Le travail des Commissions est-il ralenti par une troïka qui peine à trouver des compromis ? Pour Nadia Chabâane le manque de «concertation» est évident. Pour Ikbel Msaada, députée CPR, le lien entre les trois partis est fragile, mais doit être préservé. «Il y a eu une crise après l’affaire Baghdadi Mahmoudi, surtout au niveau de la confiance. Mais cette crise doit aussi être considérée comme positive. On a pu voir les vraies tendances s’exprimer et surtout la capacité de l’Assemblée de rappeler à l’ordre via la proposition de la motion de censure». Pourtant cette motion de censure n’a pas été votée faute de signatures ; certains y voient un manque de «fermeté» de la part d’une Troïka qui n’a plus de sens, d’autres évoquent une stratégie politique : «Il vaut mieux garder la motion de censure pour des projets de loi polémiques, comme celui de l’ISIE sachant que l’on doit attendre 3 mois entre chaque motion de censure» déclare Sélim Abdesselem. L’ambiance n’est pourtant pas au beau fixe à l’Assemblée où chaque dérapage attise les tensions. En témoigne le problème au sien de la Commission des pouvoirs législatifs et exécutifs qui doit mettre en place le type de régime. Un vote organisé à la va-vite par le vice-président de la Commission, le député nahdaoui Zied Ladhari a provoqué la colère des élus, car certains membres de la Commission, dont le président, Omar Chtioui,  n’étaient pas présents au moment du vote qui n’était de plus pas prévu à l’ordre du jour. Au final, chacun va proposer des articles selon le type de régime qu’il souhaitera pour la Tunisie et la séance plénière tranchera. En proie au manque de consensus, la Troïka semble vaciller presque un an après les élections. Les uns accusent le parti Ennahdha de passage en force, les autres voient tout simplement une «alliance contre-nature» qui n’a plus de raison d’être. La récente polémique qui a suivi la déclaration d’un député qui a parlé de «république bananière» à propos de la Tunisie déclenchant une suspension momentanée de la séance exprime aussi les tensions au sein de l’hémicycle.

 

Le manque de transparence

Le contexte actuel obligeant à se presser pour la mise en place d’une future Constitution, peu de place semble être laissée pour la participation de la société civile dans les travaux de l’Assemblée. «La Constitution s’écrit à huis-clos», cette phrase lancée par le groupe OpenGov, qui œuvre pour la transparence, n’est pas à prendre à la légère. Pour la députée Nadia Chabâane, il y a un vrai «sentiment d’exclusion» du côté du citoyen qui nécessite de créer un «débat national et public autour de la future constitution». Entre les députés qui sont pour le principe de la transparence, qui remettent les procès-verbaux aux associations et font le compte-rendu des réunions sur leur compte Facebook, d’autres sont encore réticents sur le principe.
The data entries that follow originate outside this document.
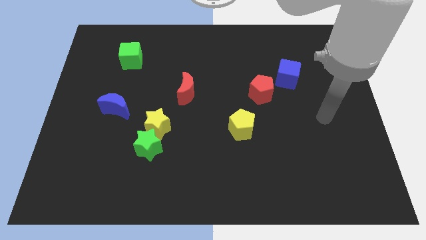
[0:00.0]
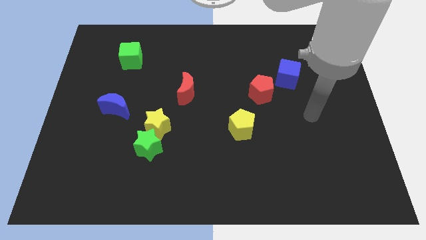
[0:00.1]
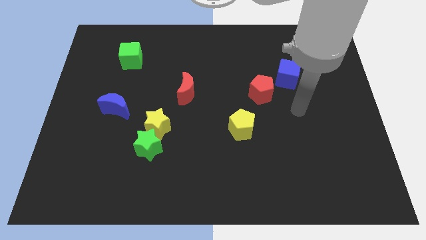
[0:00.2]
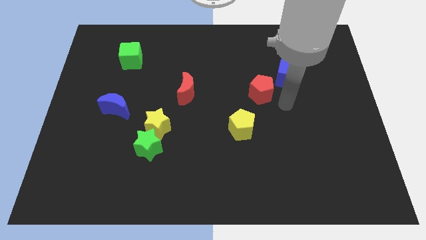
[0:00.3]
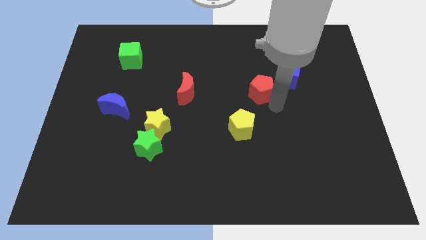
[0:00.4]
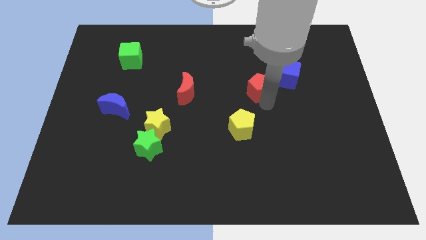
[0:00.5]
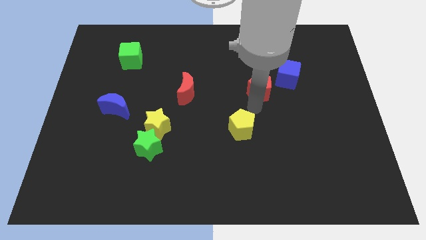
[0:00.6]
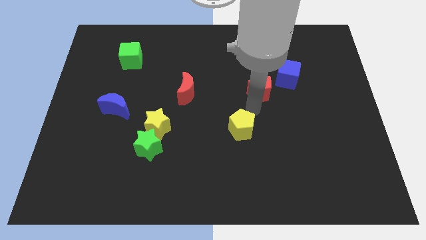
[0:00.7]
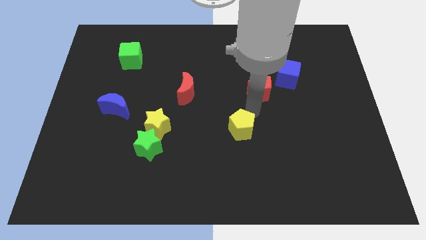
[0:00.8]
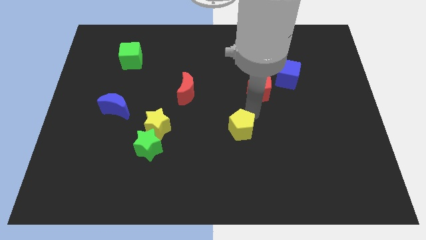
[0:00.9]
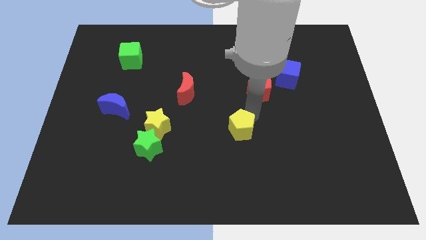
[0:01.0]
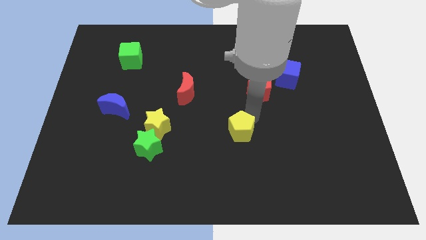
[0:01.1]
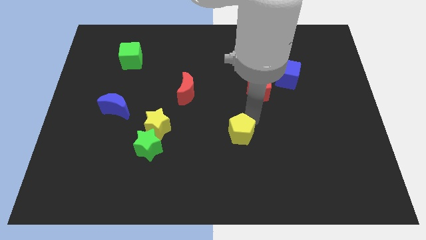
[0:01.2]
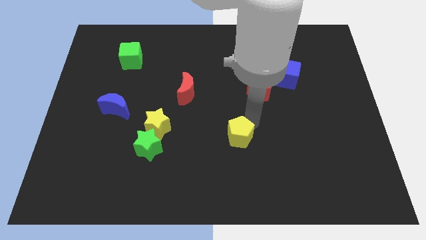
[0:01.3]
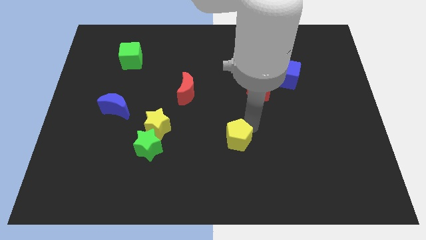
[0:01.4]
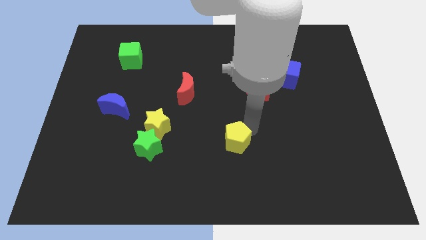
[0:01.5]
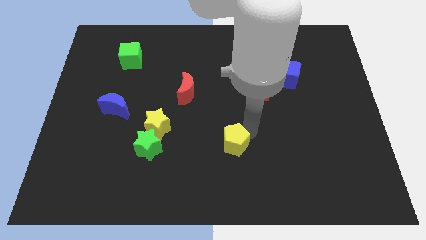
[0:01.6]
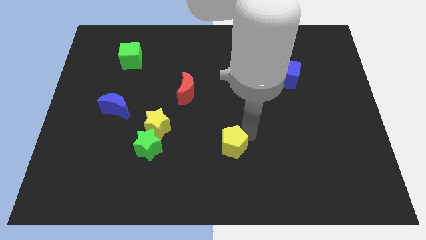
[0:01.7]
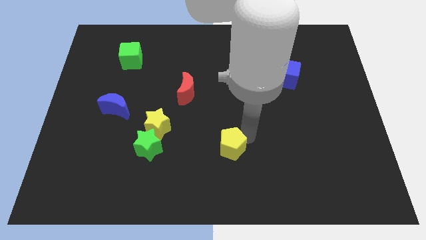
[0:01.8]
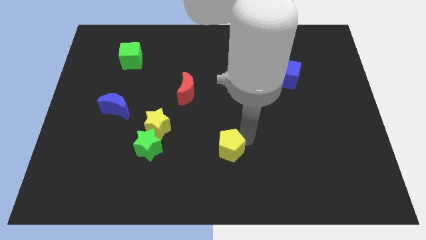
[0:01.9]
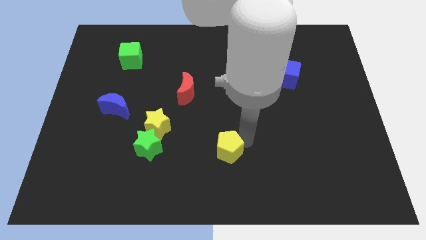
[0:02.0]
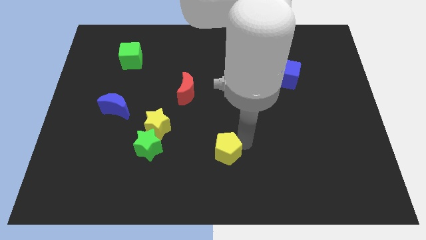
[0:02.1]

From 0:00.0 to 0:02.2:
slightly push the yellow pentagon down and to the left diagonally

Mustapha Ben Jâafar, président de l’Assemblée, a fréquemment répété ses réserves quant à la transparence totale de l’Assemblée, d’où l’opacité de certains travaux des Commissions, comme celle pour les blessés et les martyrs de la révolution. Dans quelle mesure la Constitution sera-t-elle à l’image des citoyens tunisiens ? Sera-t-elle l’œuvre d’un vrai projet de société ou un texte purement technique ? «Nous avons demandé une semaine dans nos circonscriptions, destinée à présenter le brouillon de la Constitution afin d’avoir l’avis de nos électeurs » a déclaré la députée Cépériste Mabrouka M’barek. Du 18 au 20 juillet, une consultation nationale sur la Constitution s’est tenue à Mahdia. Elle a réuni la LTDH (Ligue tunisienne des Droits de l’homme), l’UGTT (Union générale des travailleurs tunisiens) et l’ONAT (Office national des avocats de Tunisie). La consultation, organisée par le bureau du haut Commissariat des Droits de l’homme en Tunisie, avait pour objectif d’inscrire des garanties relatives aux Droits de l’homme dans la future Constitution. Mis à part des groupes comme l’OpenGov qui luttent pour plus de transparence, des ONG comme Al Bawsala ont créé un site, Marsad.tn, permettant d’avoir un accès libre aux différents rapports et procès-verbaux des Commissions, aux biographies des élus ainsi qu’au détail du fonctionnement de l’Assemblée.